基于python的extract_msg模块提取outlook邮箱保存的msg文件中的附件

时间:2021-04-19 23:16:52

笔者保存了一些outlook邮箱中保存的一些msg格式的邮件文件,现需要将其中的附件提取出来,

当然直接在outlook中就可以另存附件,但outlook默认是不支持批量提取邮件中的附件的

思考过几种方案,其中之一就是使用python编程语言下的extract_msg模块,记录如下

1、安装extract_msg模块 pip install extract-msg ,笔者写此随笔时,最新版本为extract-msg 0.27.4

发布于Released: Sep 3, 2020,项目说明:https://pypi.org/project/extract-msg

2、安装后,最简单的使用,直接在命令行一条命令,即可将msg中的文件解压到当前目录下的一个子目录中(目录名与邮件信息有关)

#会在当前目录下,生成一个目录,然后将msg邮件文件中的附件和message.txt解压到其中
python -m extract_msg qq_5201351.msg

3、在py文件中,可以使用如下方法只提取其中的附件(需要先创建要保存附件的目录):

import extract_msg

msg = extract_msg.Message("qq_5201351.msg")

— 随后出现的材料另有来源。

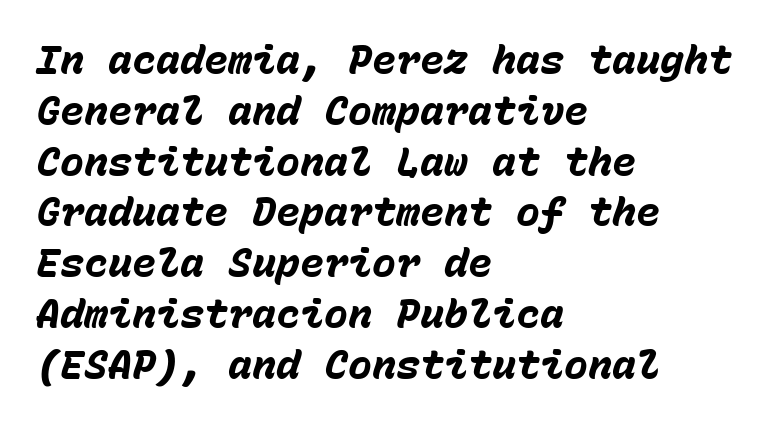
The image shows 40 px heavy type, italic (leaning right), monospaced; set left-aligned, normal line spacing (1.27x), normal letter spacing, not underlined; low stroke contrast and a medium x-height.
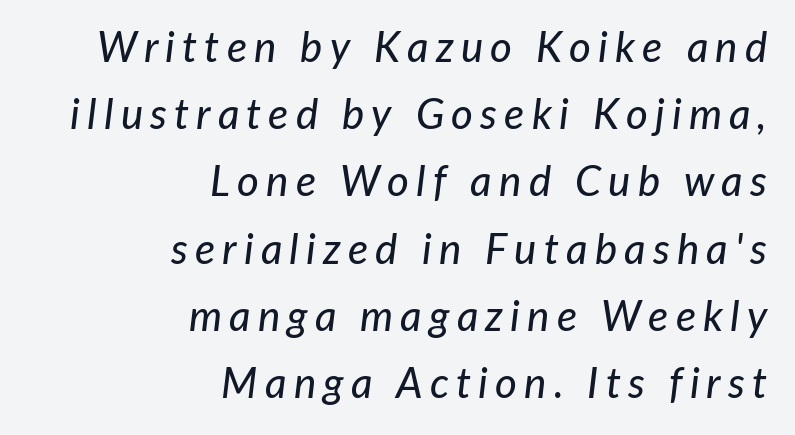
Italic? Definitely — the glyphs are oblique. Think of a printed novel: that variable character pitch is what you see here. Vertically, the passage feels balanced, rows spaced as you'd expect. Layout note: lines flush right.
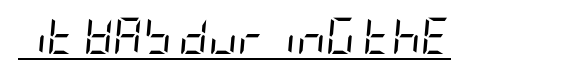
{"italic": "yes", "lean": "right", "slant_degrees": 5, "bold": "no", "weight": "regular", "width": "condensed", "stroke_contrast": "low", "x_height": "large", "underline": "yes", "letter_spacing": "normal", "letter_spacing_em": 0.0, "glyph_px": 36}
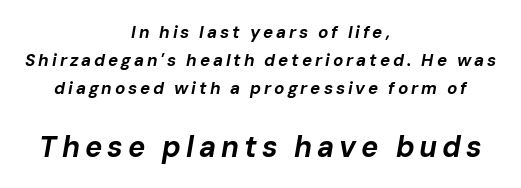
{"italic": "yes", "lean": "right", "slant_degrees": 10, "bold": "yes", "weight": "bold", "width": "normal", "stroke_contrast": "low", "x_height": "medium", "monospaced": "no", "underline": "no", "align": "center", "line_spacing": "normal", "line_spacing_ratio": 1.65, "larger_block": "second", "size_ratio": 1.71, "glyph_px": 29}
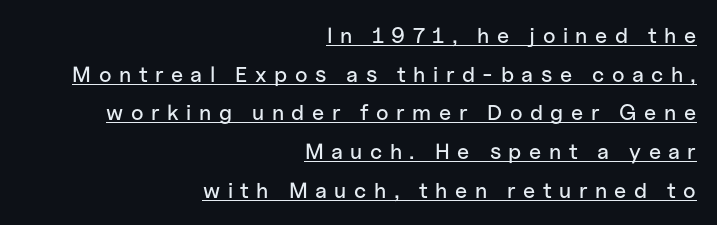
Q: Is the text italic (slanted)? A: No, it is upright.
Q: Is the text underlined? A: Yes.
Q: How is the paragraph aligned? A: Right-aligned.
Q: Is the spacing between letters normal or unusually wide? A: Unusually wide.
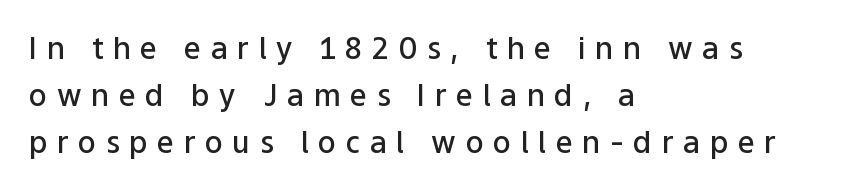
The space beneath each line is pristine and unruled. Does the leading feel generous? No, just average. Stroke terminals: plain, sans-serif. Every stem runs plumb, perpendicular to the baseline. Here the designer chose a conventional face with non-uniform glyph widths. Here the glyphs are tracked loosely, breaking word shapes into spaced letters.

msg_attachment = msg.attachments

if msg_attachment:
for attachment in msg_attachment:
attachment.save(customPath="./qq_5201351_dir")

++++++未解决的问题>>>>:

1、使用上面的方法对于大多数msg都能够正常提取出附件,或者邮件内容,但是笔者有的mgs提取时会报如下错误,

目录未找到解决方法, 如有找到解决方法的,欢迎下方留言,非常感谢!

Traceback (most recent call last):
File "C:\Users\QQ5201351\AppData\Local\Programs\Python\Python37\lib\site-packages\extract_msg\msg.py", line 422, in named
return self.__namedProperties
AttributeError: 'Message' object has no attribute '_MSGFile__namedProperties' During handling of the above exception, another exception occurred: Traceback (most recent call last):
File "C:\Users\QQ5201351\Desktop\mail\test\test.py", line 5, in <module>
msg = extract_msg.Message("Important_msg_from_qq5201351.msg")
File "C:\Users\QQ5201351\AppData\Local\Programs\Python\Python37\lib\site-packages\extract_msg\message.py", line 28, in __init__
MessageBase.__init__(self, path, prefix, attachmentClass, filename, delayAttachments, overrideEncoding)
File "C:\Users\QQ5201351\AppData\Local\Programs\Python\Python37\lib\site-packages\extract_msg\message_base.py", line 61, in __init__
self.named
File "C:\Users\QQ5201351\AppData\Local\Programs\Python\Python37\lib\site-packages\extract_msg\msg.py", line 424, in named
self.__namedProperties = Named(self)
File "C:\Users\QQ5201351\AppData\Local\Programs\Python\Python37\lib\site-packages\extract_msg\named.py", line 63, in __init__
self.__properties.append(StringNamedProperty(entry, names[entry['id']], msg._getTypedData(streamID)) if entry['pkind'] == constants.STRING_NAMED else NumericalNamedProperty(entry, msg._getTypedData(streamID)))
File "C:\Users\QQ5201351\AppData\Local\Programs\Python\Python37\lib\site-packages\extract_msg\msg.py", line 177, in _getTypedData
found, result = self._getTypedStream('__substg1.0_' + id, prefix, _type)
File "C:\Users\QQ5201351\AppData\Local\Programs\Python\Python37\lib\site-packages\extract_msg\msg.py", line 246, in _getTypedStream
raise NotImplementedError('The stream specified is of type {}. We don\'t currently understand exactly how this type works. If it is mandatory that you have the contents of this stream, please create an issue labled "NotImplementedError: _getTypedStream {}".'.format(_type, _type))
NotImplementedError: The stream specified is of type 1014. We don't currently understand exactly how this type works. If it is mandatory that you have the contents of this stream, please create an issue labled "NotImplementedError: _getTypedStream 1014".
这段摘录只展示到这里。